‘Finns and Koreans have similar mind-sets’
But the northern European country has recently gained attention in Korea for its new social welfare policy of universal basic income.
“It is a trial - we have selected 2,000 people in Finland who are unemployed or partly employed and are aged between 25 and 58,” said Finnish Ambassador to Korea Eero Suominen. “They are randomly selected and will be given 560 euros ($595) a month. And they will not lose it, even if they get employed.”
The Finnish government’s two-year trial on universal basic income, which took off on Jan. 1, is the first of its kind proposed by a government. Presidential contenders in Korea have put forward the idea recently, as the election date approaches this year.
In celebrating 100 years of Finnish independence this year at his residence in Seoul on Feb. 8, the ambassador spoke with the Korea JoongAng Daily on some of the Finnish government’s responses to social issues that Finland and Korea face commonly.
In battling the rising youth unemployment rate in Korea, the Seoul Metropolitan Government has tried handing out a monthly cash allowance of 500,000 won ($434) to 3,000 young adults aged between 19 and 29 for six months. The plan was implemented in August and shut down a day later by the Ministry of Health and Welfare.
When it was later revealed some recipients of the monthly cash allowance were selected despite their affluent family backgrounds, the program received further criticism.
“The concern is that the recipients are not obliged to do anything,” said Ambassador Suominen, addressing the criticism. “And people are afraid that recipients would get lazy or have no incentive to work. But at the same time, I think modern people are quite work-related. It’s become a culture to be part of the working group or society, and I think it’s quite natural that you want to work.”
The ambassador said universal basic income would provide needed cash to the partially employed, as well.
“If you have strict limits [on the program], it makes it much more difficult,” he said. “For instance, people might be only partially employed, who will then need different additional benefits.

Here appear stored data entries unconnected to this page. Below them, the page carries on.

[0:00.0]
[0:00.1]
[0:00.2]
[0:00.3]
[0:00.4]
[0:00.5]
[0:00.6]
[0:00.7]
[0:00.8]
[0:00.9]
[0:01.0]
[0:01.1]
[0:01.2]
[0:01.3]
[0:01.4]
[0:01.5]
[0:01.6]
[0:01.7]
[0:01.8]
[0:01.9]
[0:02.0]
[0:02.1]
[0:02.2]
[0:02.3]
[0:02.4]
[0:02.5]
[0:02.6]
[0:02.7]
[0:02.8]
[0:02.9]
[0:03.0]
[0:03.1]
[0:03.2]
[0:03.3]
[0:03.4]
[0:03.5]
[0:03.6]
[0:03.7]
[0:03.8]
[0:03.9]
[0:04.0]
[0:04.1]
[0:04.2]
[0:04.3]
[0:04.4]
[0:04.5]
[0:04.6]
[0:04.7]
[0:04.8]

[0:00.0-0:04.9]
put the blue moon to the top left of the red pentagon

This [universal basic income] would be a one-sum solution.
“Also, we want to see if this would be a good solution for those who want to start an enterprise,” he said. “The recipients will find a way to self-employment or new jobs and then little by little the project will make their lives easier.”

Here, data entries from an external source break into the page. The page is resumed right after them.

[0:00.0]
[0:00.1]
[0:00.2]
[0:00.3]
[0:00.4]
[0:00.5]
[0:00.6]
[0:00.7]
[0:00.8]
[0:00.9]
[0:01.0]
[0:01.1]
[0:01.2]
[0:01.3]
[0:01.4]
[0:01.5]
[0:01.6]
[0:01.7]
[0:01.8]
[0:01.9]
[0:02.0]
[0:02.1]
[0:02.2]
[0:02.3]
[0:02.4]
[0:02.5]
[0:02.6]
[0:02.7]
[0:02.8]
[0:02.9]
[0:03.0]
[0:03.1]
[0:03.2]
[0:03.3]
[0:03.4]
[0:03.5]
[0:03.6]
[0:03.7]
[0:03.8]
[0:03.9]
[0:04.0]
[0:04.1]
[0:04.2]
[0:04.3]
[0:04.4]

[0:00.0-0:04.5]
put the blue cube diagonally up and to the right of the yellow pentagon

According to the OECD, Finland’s unemployment rate in 2014 was 9.4 percent of the labor force, higher than Korea’s 3.7 percent that year. The Finnish government that year spent 1.9 percent of its GDP on cash benefits for the unemployed, while Korea spent 0.3 percent.
Suominen said it’s going to take a while to see how the universal basic income project pans out.
“We have very ambitious government programs, but it is pretty slow and it’s only been two years,” he said. “The real results of these big reforms will be seen after three to four years.”
Though Finland has a population half the size of Seoul, the Nordic country has been battling many social issues in common with Korea. Finland has faced low fertility rates for decades. The Finnish fertility rate was 1.71 as of 2014, according to OECD, which had not fluctuated much since 1971, when the fertility rate was 1.7.
On the other hand, Korea’s fertility rate dropped from 4.54 in 1971 to 1.2 in 2014.
“People are scared of having children because they are concerned about their jobs, careers and money,” Suominen said. He said it is crucial to provide a safe environment for parents, especially mothers, during pregnancy and after birth, and to ensure they can come back to work without facing disadvantages.
“In Finland, when the child turns nine months old, parents are entitled to take the child to a day care,” he added. “And parents have a chance to stay at home until the child is three, and you don’t lose your job during this time. But it has proved somewhat problematic, more for ladies, who face problems with delayed careers when they come back to work.
“I have been myself a home father for two years in the 1990s and one year from 2012 to 2013,” said the ambassador, who has six daughters. “I was at home taking care of the little children, three - with the oldest in school and two at home - from 1993 to 1995, and two in 2012.
“And it actually takes quite a lot [to be working parents] - you have to clothe them in the winter, and then you take them to day care, and then you go to work and then after work you have to run back to fetch your children and get home - it’s not an easy life to combine your career and home.
“As a working mother and father, you have to be a superstar.”
And the experience showed during the centenary celebration of Finland’s independence at his residence. Not shy to offer Finnish chocolates to guests who arrived earlier than others, the ambassador was a gracious host.
“Welcome to the opening reception of the celebration of Finland’s 100 years of independence,” the ambassador said in addressing the crowd that had packed into the living room on the first floor. “Finland gained its independence during the turbulent years of World War I, in the aftermath of the Russian revolution.”
After highlighting Finland’s education system, press freedom, innovative economy and environmental performance, the ambassador closed his speech with a side note.
“I have to keep to the reputation of the silent Finns and keep my speech as short as possible, and at last give you the opportunity to enjoy the food and drinks prepared by the Finnish chef tonight,” he ended his speech, but not before adding, “Now I must go into the kitchen to see if it’s all ready.”
In celebrating the 100 years of independence, the Finnish embassy is set to introduce a number of exchanges between the two countries this year. Starting with a four-day concert, collaborated between Kumho Asiana Cultural Foundation and Finland’s Kuhmo Chamber Music Festival in February, the embassy will also be involved in an education seminar in May, a week of celebration on Finnish arts and culture in Jeju Island in June, an amateur marathon tour of some 40 Koreans from the arctic circle to Helsinki from July to August and a jazz concert in September with Finnish musician Iiro Rantala.
Five months into his service in Seoul, the Finnish ambassador emphasized how similarly the people of the two countries think.
“We are two countries whose people have similar mind-sets,” he said. “I think we are practical countries - we like practical solutions and we want to make things work and be effective. We are also quite humble people - we are doing more than we are speaking. And we are both small countries in the realm of bigger neighbors.”
The ambassador highlighted three key areas in which the Finnish government is looking forward to cooperating with Korea.
“We are both countries of export-based economics, so market access and liberalization of trade is one of the areas where we are able to make progress,” he said. “The second area is climate change - this is something that I think both countries agree on the urgency of, especially in implementing the Paris Agreement.
“And there are SMEs [small-to-medium sized enterprises],” he said. “We find it important to improve the internationalization of SMEs. It has been a surprise how vast bilateral cooperation has been, so I’m happy there is a wide range [of opportunities to work together].”